The Amendment Act further complicates this position, leading the judiciary to require new tests to determine the validity of promotions reservations. In the Nagaraj case, the Constitutional Committee of the Supreme Court established a mandatory requirement while maintaining the constitutional validity of article 16, paragraph 4, of the Constitution.

According to Nagaraj’s judgment, if the state collects quantifiable data showing that the class is backward and public employment is underrepresented, it can freely enact promotion and reservation laws. This mandatory requirement was seen as a follower of the constitutional power of the state government and was criticized. The SC corrected this position based on its decision in the Jarnail Singh case, in which the SC found that the requirement violated the principles established in the Indra Sawhney case.

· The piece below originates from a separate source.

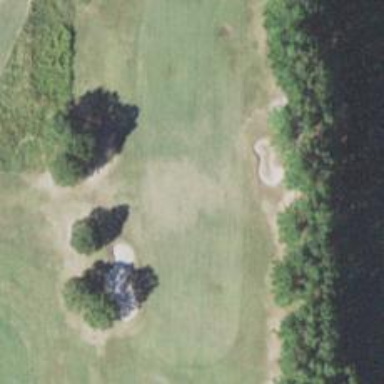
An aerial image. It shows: Golf hole.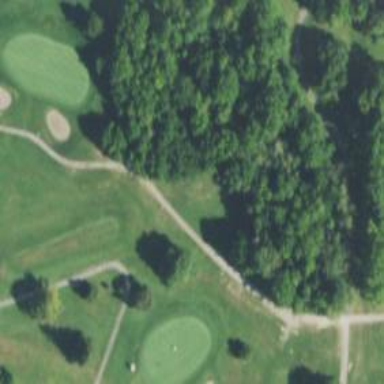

It is also ordered that the public servants belonging to SC / ST maintain their qualifications in accordance with the retention rules when they are promoted. In the aforementioned government order, it is also clarified that according to the retention rules, public servants of the general category / OBC promoted later they will be inferior to the public servants of the SC / ST promoted before.

In this case, the High Court approved the writ request and abolished the Gradation list dated March 3, 2008. The main basis is that, unless the state government enacts a law that grants it the corresponding for the benefit of promotion, SC/ST candidates do not have the right to demand that candidates in the promotion category outperform candidates in the general category. The Supreme Court confirmed the previous sentence. The Supreme Court rejected the appeal, but held that the appeal was unfounded, so as not to interfere with the reasonable judgment of the High Court.

Recent Happenings

On September 14, 2021, the Supreme Court stated that it would not reconsider its judgement on giving reservation in promotions to Scheduled Castes (SCs) and Scheduled Tribes (STs) since it was up to the states to decide how to implement it.

“We are making it very clear that we are not going to reopen Nagraj or Jarnail Singh (cases) because the idea was only to decide these cases in accordance with the law laid down by the court,” said the bench, comprising Justices Sanjiv Khannna and B R Gavai.

“As a result, we find that the Nagaraj decision does not need remand to a seven-judge panel. “However, the finding in Nagaraj that the state must gather quantifiable evidence demonstrating the backwardness of the Scheduled Castes and Scheduled Tribes, which is opposed to the nine-judge bench in Indra Sawhney case, is found to be invalid to this extent,” the bench said.